The dream of cardiologists is to have stockpiles of cardiac progenitor cells that could be transplanted into a sick heart and regenerate it. Even more remarkable would be a source of heart cells for newborn babies with congenital heart problems. What about making these cells before they are born? Science fiction?
Probably not. Dr. Shaun M. Kunisaki from Mott Children’s Hospital and the University of Michigan School of Medicine and his colleagues made heart progenitor cells from Amniotic Fluid Cells. These cells were acquired from routine amniocentesis procedures, with proper institutional review board approval.

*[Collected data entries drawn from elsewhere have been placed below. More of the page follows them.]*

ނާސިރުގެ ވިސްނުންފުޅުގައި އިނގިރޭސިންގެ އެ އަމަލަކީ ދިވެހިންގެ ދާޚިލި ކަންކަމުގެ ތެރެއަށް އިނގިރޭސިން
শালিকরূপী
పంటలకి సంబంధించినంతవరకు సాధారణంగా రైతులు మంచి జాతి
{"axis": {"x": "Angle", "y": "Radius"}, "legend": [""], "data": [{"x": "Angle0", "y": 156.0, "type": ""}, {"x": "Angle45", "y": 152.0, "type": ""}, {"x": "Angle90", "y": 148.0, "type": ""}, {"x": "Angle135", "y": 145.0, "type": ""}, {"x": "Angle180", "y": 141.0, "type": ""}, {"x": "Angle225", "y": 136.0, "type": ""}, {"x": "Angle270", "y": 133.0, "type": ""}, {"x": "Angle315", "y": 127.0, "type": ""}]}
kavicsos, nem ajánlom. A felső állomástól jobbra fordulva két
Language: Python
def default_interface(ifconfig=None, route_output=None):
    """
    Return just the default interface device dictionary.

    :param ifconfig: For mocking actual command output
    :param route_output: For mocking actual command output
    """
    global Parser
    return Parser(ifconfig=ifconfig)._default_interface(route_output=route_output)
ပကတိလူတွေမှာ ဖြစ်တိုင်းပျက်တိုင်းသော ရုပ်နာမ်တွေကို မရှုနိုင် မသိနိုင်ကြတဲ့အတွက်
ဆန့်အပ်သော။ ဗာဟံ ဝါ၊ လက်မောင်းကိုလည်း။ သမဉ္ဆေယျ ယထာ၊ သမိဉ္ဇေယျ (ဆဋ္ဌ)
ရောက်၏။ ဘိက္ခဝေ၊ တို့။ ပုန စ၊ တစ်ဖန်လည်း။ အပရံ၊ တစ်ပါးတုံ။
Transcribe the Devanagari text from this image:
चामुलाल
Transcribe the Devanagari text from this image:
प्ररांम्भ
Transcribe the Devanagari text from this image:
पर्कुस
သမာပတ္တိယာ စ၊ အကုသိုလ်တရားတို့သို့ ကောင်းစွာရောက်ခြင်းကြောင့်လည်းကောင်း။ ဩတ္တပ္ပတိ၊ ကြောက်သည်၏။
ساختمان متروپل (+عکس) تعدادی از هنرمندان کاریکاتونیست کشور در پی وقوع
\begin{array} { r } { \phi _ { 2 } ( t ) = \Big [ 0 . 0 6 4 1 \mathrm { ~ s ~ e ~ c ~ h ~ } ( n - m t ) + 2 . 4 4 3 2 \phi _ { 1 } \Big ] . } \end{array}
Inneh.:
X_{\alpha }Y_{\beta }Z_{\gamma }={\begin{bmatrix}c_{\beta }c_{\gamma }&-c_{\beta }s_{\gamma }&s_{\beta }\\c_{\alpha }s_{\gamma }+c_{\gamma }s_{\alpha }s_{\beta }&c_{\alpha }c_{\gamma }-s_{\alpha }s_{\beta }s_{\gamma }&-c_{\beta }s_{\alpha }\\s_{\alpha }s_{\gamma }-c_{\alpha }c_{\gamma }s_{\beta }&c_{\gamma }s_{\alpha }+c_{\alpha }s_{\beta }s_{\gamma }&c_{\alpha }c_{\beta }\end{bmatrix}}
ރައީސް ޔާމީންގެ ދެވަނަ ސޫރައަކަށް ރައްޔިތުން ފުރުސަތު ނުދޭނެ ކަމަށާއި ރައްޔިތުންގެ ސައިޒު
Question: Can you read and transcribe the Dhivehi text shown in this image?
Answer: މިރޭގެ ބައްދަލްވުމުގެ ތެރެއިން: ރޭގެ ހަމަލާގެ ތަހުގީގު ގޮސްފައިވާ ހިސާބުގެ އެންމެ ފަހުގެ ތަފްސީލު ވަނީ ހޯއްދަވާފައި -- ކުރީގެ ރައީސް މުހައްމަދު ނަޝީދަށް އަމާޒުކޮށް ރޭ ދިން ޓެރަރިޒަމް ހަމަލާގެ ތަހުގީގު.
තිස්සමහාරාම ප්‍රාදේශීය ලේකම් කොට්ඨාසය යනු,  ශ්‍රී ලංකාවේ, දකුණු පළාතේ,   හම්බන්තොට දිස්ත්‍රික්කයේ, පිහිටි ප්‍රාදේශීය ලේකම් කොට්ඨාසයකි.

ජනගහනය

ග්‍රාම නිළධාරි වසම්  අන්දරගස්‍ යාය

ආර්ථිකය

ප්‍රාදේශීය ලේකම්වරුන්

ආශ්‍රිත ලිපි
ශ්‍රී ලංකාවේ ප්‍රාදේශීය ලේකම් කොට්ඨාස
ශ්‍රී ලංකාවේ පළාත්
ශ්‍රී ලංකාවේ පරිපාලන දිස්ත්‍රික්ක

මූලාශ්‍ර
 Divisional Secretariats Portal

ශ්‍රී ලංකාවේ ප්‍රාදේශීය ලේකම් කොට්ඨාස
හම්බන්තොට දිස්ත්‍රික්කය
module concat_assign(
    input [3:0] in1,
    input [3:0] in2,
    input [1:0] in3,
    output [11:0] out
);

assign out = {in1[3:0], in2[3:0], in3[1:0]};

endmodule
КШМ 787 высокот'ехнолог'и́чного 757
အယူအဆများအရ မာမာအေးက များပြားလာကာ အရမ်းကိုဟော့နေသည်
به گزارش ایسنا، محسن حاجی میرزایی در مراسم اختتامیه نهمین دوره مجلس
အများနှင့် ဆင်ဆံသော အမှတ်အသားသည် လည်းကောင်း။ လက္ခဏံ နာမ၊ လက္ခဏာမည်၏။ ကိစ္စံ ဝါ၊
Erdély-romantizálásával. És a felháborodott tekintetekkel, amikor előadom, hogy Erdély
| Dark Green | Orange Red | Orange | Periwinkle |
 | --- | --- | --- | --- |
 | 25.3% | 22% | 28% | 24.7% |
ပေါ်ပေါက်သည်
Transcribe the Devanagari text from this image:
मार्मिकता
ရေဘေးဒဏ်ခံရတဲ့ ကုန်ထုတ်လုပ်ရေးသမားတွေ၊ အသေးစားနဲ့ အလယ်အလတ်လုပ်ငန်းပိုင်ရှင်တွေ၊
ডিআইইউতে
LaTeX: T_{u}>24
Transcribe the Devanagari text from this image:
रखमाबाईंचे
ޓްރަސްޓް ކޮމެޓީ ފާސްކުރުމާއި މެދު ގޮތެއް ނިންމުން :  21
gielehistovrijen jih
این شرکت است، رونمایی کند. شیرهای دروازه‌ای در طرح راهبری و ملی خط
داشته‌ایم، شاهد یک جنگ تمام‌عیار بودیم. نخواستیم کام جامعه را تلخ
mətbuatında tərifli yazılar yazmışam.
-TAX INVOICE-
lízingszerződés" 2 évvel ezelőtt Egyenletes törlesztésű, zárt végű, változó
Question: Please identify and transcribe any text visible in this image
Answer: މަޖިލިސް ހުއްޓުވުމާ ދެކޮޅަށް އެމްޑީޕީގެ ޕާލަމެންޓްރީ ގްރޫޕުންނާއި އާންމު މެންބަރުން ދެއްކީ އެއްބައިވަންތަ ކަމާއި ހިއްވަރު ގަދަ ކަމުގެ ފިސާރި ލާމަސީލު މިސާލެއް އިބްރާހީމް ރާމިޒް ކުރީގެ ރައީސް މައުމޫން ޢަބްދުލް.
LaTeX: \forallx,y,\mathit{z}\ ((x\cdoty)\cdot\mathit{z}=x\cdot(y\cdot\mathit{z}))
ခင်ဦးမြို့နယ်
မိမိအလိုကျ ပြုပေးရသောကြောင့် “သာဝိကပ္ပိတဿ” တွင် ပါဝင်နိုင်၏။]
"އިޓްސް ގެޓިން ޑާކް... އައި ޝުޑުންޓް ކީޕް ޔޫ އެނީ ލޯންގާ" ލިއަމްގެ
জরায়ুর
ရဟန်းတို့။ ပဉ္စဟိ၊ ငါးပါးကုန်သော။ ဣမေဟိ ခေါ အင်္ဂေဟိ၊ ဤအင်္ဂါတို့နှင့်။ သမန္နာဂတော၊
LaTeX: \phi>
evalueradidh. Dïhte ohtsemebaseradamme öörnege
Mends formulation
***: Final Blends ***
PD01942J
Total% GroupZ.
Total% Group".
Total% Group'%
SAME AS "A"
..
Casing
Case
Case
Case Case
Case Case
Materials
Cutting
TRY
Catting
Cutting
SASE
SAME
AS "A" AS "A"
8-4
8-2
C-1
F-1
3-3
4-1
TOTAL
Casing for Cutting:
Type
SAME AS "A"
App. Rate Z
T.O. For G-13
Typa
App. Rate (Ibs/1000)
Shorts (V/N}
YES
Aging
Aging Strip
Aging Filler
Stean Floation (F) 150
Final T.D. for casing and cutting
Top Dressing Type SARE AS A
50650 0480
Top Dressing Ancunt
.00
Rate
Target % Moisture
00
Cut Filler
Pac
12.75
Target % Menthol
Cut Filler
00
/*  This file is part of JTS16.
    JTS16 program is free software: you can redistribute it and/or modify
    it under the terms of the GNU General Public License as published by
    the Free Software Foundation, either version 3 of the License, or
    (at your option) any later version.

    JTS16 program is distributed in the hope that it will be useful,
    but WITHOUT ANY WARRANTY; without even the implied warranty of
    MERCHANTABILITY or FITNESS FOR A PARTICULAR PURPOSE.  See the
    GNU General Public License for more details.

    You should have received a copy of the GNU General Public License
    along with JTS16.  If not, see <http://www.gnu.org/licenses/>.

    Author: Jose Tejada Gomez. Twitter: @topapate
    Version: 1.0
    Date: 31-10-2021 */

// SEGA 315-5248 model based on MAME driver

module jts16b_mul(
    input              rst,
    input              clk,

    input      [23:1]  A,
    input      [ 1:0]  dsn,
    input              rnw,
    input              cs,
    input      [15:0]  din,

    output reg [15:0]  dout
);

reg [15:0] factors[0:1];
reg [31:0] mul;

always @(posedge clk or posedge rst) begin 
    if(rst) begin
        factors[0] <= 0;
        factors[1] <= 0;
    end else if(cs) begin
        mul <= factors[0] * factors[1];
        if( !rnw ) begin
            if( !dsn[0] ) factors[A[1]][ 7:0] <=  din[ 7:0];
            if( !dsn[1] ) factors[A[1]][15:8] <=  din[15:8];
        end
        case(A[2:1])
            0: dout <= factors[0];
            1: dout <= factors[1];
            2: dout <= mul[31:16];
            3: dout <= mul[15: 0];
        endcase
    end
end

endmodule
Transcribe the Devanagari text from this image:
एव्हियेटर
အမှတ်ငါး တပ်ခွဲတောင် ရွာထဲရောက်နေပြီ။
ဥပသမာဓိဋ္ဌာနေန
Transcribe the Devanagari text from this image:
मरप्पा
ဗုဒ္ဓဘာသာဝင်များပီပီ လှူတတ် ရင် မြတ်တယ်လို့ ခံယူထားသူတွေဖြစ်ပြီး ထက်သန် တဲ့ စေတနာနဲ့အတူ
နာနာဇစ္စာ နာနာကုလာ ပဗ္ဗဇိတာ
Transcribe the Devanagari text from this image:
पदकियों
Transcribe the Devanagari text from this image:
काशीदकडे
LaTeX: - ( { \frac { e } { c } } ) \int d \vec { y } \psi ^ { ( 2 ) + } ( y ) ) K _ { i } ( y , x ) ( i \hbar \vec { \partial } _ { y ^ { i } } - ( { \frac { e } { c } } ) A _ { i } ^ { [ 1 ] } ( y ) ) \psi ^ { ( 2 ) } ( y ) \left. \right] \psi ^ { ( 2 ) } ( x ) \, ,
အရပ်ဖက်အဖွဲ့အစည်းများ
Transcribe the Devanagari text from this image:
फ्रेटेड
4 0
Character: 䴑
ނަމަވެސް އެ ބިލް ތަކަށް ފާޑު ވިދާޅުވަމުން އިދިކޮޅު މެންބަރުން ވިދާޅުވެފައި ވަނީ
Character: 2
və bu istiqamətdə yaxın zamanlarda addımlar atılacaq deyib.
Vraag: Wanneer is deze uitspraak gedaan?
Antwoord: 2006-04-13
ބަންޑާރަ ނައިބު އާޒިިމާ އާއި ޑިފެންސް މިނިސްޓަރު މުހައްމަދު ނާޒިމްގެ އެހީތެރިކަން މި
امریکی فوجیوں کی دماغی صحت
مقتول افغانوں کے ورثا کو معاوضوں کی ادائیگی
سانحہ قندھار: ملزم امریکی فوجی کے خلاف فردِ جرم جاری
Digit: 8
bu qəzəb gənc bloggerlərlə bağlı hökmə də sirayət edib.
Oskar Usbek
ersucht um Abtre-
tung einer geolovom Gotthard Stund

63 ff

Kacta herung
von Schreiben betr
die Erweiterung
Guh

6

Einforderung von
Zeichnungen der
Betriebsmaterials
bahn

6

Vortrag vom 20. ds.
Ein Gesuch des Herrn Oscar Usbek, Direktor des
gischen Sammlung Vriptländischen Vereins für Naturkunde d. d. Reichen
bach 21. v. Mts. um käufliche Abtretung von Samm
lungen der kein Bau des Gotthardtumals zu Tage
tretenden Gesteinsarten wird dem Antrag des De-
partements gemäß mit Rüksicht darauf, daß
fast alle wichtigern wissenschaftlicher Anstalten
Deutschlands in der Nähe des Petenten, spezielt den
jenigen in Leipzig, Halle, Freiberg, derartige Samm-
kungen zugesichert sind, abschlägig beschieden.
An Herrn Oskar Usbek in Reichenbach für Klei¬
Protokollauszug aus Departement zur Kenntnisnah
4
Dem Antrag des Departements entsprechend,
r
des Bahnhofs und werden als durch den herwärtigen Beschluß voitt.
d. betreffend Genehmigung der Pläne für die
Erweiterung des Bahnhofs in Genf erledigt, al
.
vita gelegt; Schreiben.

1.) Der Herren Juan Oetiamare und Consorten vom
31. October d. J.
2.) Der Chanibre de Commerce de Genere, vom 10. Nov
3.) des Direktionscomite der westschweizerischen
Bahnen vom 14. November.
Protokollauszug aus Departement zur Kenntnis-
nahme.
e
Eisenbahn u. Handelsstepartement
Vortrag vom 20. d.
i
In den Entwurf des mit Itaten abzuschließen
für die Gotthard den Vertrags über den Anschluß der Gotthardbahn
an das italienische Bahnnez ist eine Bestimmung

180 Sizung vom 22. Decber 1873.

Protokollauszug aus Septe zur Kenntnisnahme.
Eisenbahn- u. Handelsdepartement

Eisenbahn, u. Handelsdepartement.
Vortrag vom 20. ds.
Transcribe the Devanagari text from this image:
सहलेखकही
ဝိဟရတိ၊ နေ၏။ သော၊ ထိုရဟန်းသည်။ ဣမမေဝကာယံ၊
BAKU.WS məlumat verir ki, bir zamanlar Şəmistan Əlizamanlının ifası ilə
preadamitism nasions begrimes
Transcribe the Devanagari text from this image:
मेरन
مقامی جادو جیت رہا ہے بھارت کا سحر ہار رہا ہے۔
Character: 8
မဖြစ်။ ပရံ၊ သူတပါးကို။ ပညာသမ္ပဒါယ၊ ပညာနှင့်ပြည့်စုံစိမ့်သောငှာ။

These amniotic fluid specimens (8–10 ml), which were taken from babies at 20 weeks gestation, were expanded in culture and then reprogrammed toward pluripotency using nonintegrating Sendai virus (SeV) vectors that expressed the four commonly-used reprogramming genes; OCT4, SOX2, cMYC, and KLF4. The resulted induced pluripotent stem cell (iPSC) lines were then exposed to cardiogenic differentiation conditions in order to generate spontaneously beating amniotic fluid-derived cardiomyocytes (AF-CMs). AF-CMs were formed with high efficiency.
After 6 weeks, Kunisaki and his team subjected their AF-CMs to a battery of quantitative gene expression experiments. They discovered that their AF-CMs expressed high levels of heart-specific genes (including MYH6, MYL7, TNNT2, TTN, and HCN4). However, Kunisaki and others also found that their AF-CMs consisted of a mixed population of differentiated atrial, ventricular, and nodal cells, as demonstrated by various genes expression profiles.
All AF-CMs were chromosomally normal and had no remnants of the SeV transgenes. Functional characterization of these AF-CMs showed a higher spontaneous beat frequency in comparison with heart cells made from dermal fibroblasts. The AF-CMs also showed normal calcium currents and appropriately responded to neurotransmitters that usually speed up the heart, like norepinephrine.
Collectively, these data suggest that human amniotic fluid-derived cells can be used to produce highly scalable sources of functional, transgene-free, autologous heart cells before child is born. Such an approach may be ideally suited for patients with prenatally diagnosed cardiac anomalies.